── RECORDED DATA ──

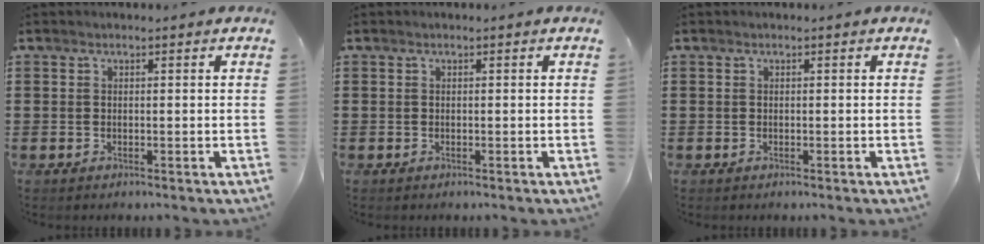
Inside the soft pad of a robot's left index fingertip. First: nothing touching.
{"total": 0.0}
{"total": 0.0}
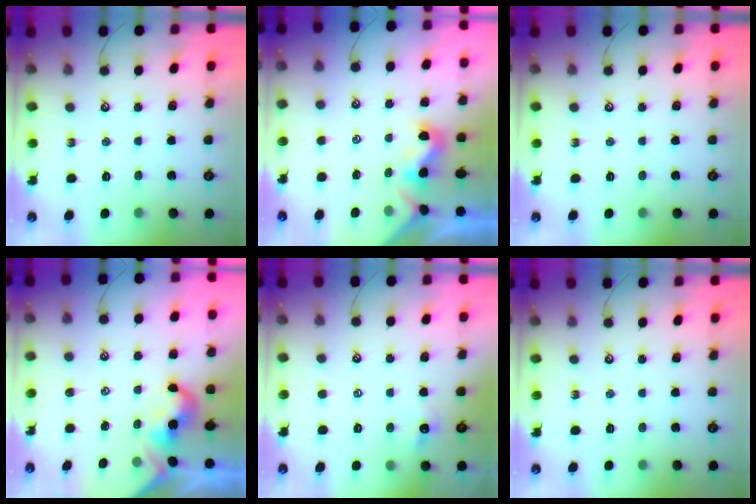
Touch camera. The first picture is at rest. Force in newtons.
{"total": 1.3, "press": 1.2, "slide": 0.6}
{"total": 0.0}
{"total": 1.9, "press": 1.8, "slide": 0.5}
{"total": 0.7, "press": 0.3, "slide": 0.6}
{"total": 0.0}
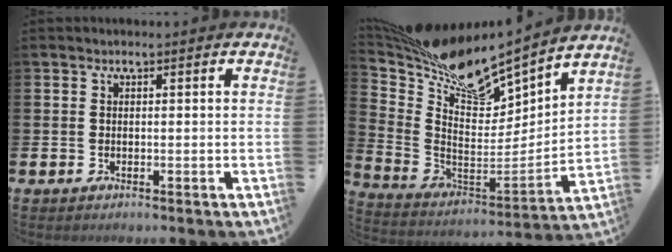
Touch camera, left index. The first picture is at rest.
{"total": 11.6, "force": [10.5, 2.3, 4.1], "torque": [-0.125, -0.075, 0.180]}
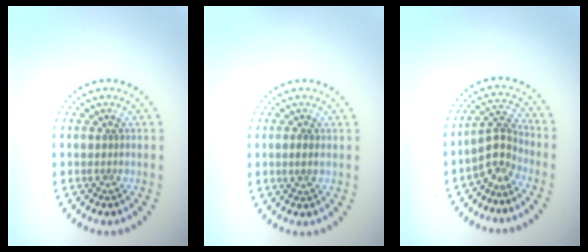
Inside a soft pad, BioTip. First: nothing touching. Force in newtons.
{"total": 0.7, "press": 0.6, "slide": 0.3}
{"total": 3.1, "press": 2.3, "slide": 2.0}
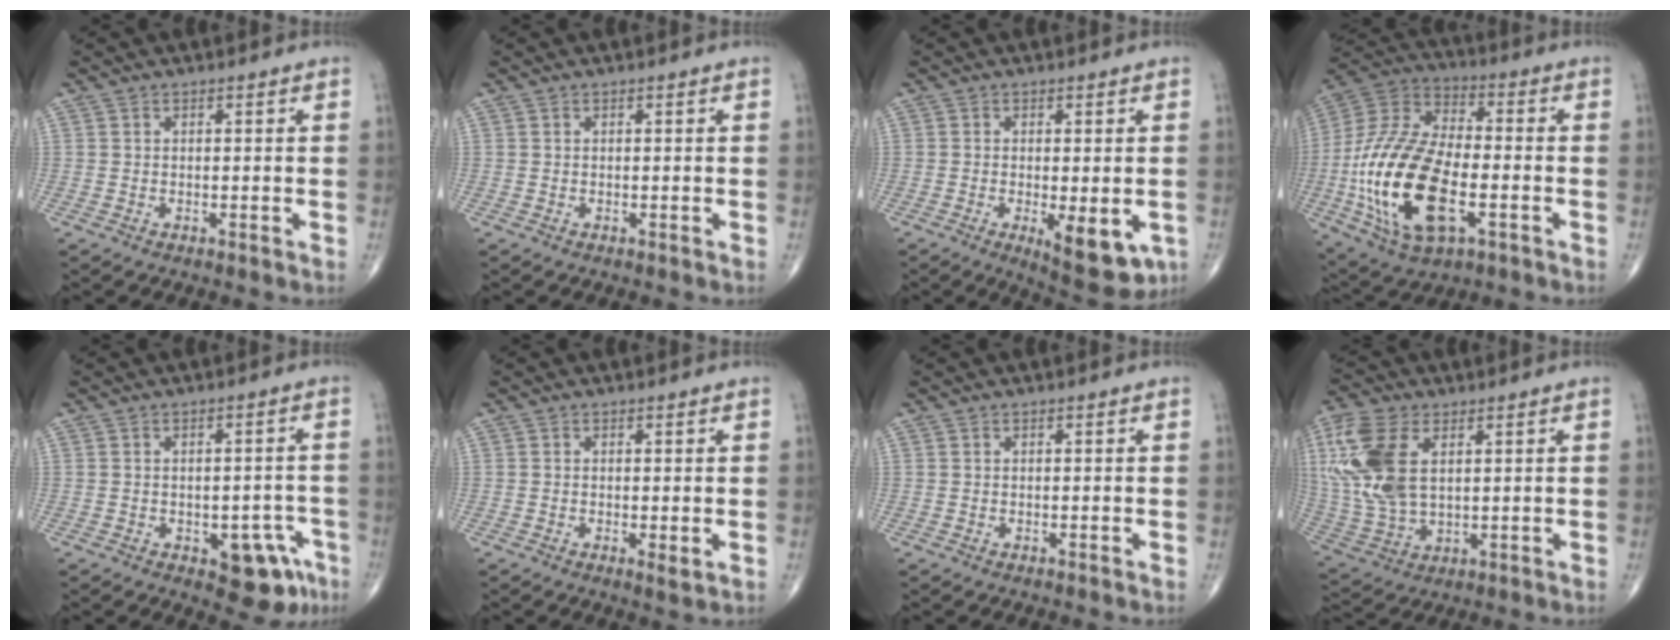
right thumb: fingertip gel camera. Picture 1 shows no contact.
{"total": 0.0}
{"total": 9.5, "force": [-3.0, 3.6, 8.3], "torque": [-0.103, -0.016, -0.035]}
{"total": 24.9, "force": [-5.7, 12.6, 20.8], "torque": [-0.434, 0.011, -0.095]}
{"total": 8.6, "force": [-4.0, 4.4, 6.3], "torque": [-0.044, 0.021, -0.041]}
{"total": 1.7, "force": [-0.2, 0.5, 1.6], "torque": [-0.033, -0.009, -0.005]}
{"total": 0.0}
{"total": 16.2, "force": [4.4, 9.2, 12.6], "torque": [-0.292, -0.007, 0.090]}
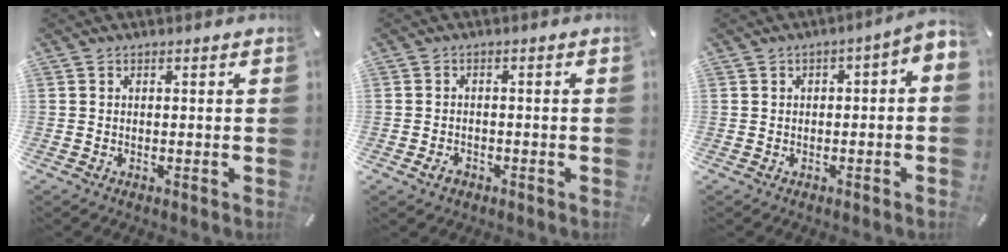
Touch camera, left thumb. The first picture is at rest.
{"total": 2.6, "force": [-1.5, 1.7, 1.3], "torque": [-0.032, 0.003, -0.030]}
{"total": 3.3, "force": [-1.4, 1.6, 2.5], "torque": [-0.043, 0.017, -0.028]}
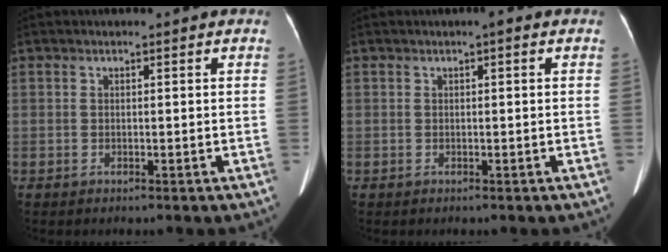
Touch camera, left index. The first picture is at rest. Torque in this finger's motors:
{"motor_torque": [0.17, -0.19, -0.12, -0.03]}
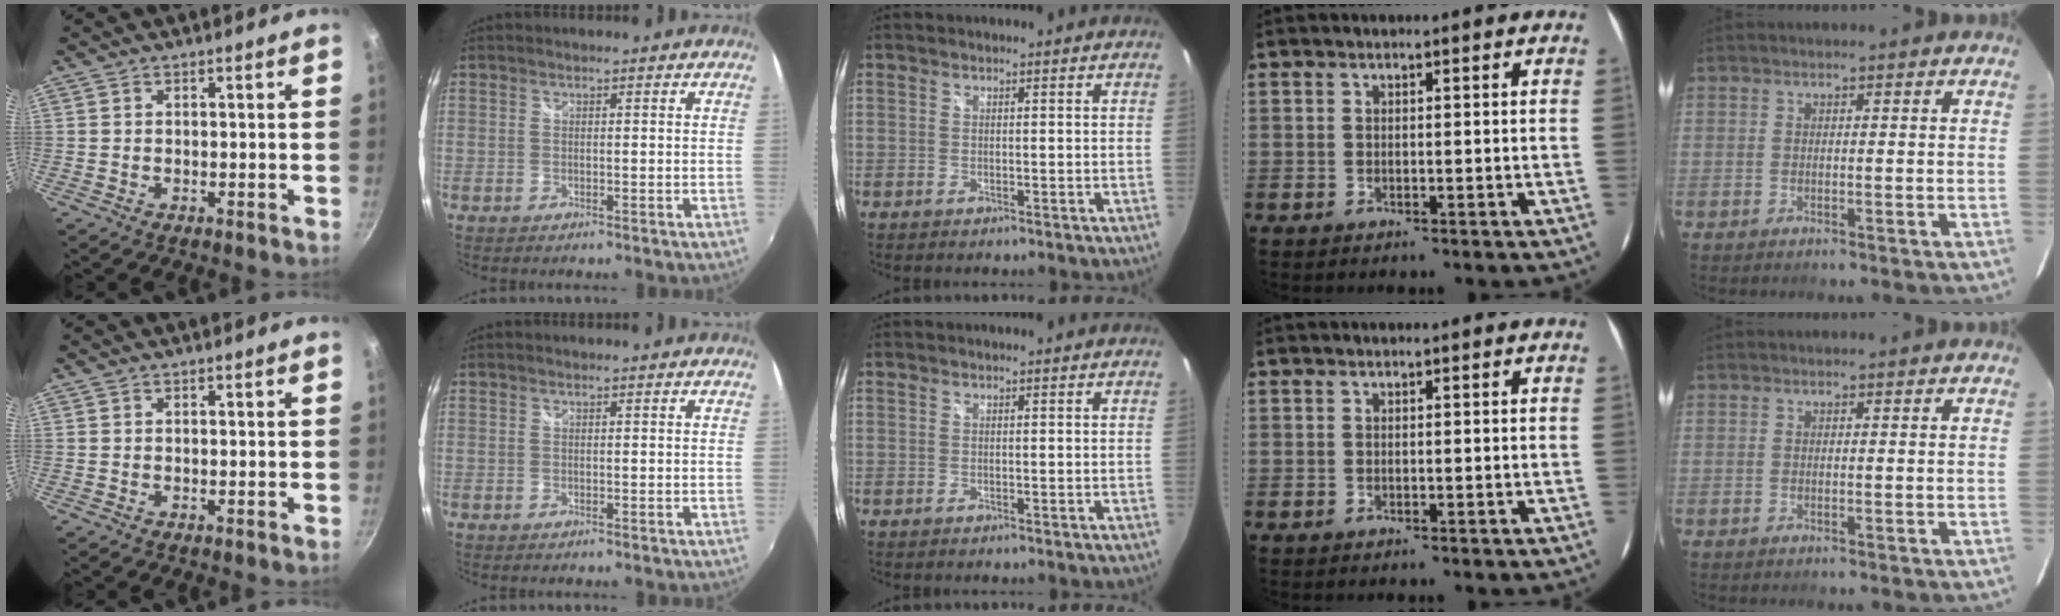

───

YOUR INSTRUCTIONS
Will you restate every entry word for word and omit the images?

TASK ANSWER
Inside the soft pad of a robot's left index fingertip. First: nothing touching.
{"total": 0.0}
{"total": 0.0}
Touch camera. The first picture is at rest. Force in newtons.
{"total": 1.3, "press": 1.2, "slide": 0.6}
{"total": 0.0}
{"total": 1.9, "press": 1.8, "slide": 0.5}
{"total": 0.7, "press": 0.3, "slide": 0.6}
{"total": 0.0}
Touch camera, left index. The first picture is at rest.
{"total": 11.6, "force": [10.5, 2.3, 4.1], "torque": [-0.125, -0.075, 0.180]}
Inside a soft pad, BioTip. First: nothing touching. Force in newtons.
{"total": 0.7, "press": 0.6, "slide": 0.3}
{"total": 3.1, "press": 2.3, "slide": 2.0}
right thumb: fingertip gel camera. Picture 1 shows no contact.
{"total": 0.0}
{"total": 9.5, "force": [-3.0, 3.6, 8.3], "torque": [-0.103, -0.016, -0.035]}
{"total": 24.9, "force": [-5.7, 12.6, 20.8], "torque": [-0.434, 0.011, -0.095]}
{"total": 8.6, "force": [-4.0, 4.4, 6.3], "torque": [-0.044, 0.021, -0.041]}
{"total": 1.7, "force": [-0.2, 0.5, 1.6], "torque": [-0.033, -0.009, -0.005]}
{"total": 0.0}
{"total": 16.2, "force": [4.4, 9.2, 12.6], "torque": [-0.292, -0.007, 0.090]}
Touch camera, left thumb. The first picture is at rest.
{"total": 2.6, "force": [-1.5, 1.7, 1.3], "torque": [-0.032, 0.003, -0.030]}
{"total": 3.3, "force": [-1.4, 1.6, 2.5], "torque": [-0.043, 0.017, -0.028]}
Touch camera, left index. The first picture is at rest. Torque in this finger's motors:
{"motor_torque": [0.17, -0.19, -0.12, -0.03]}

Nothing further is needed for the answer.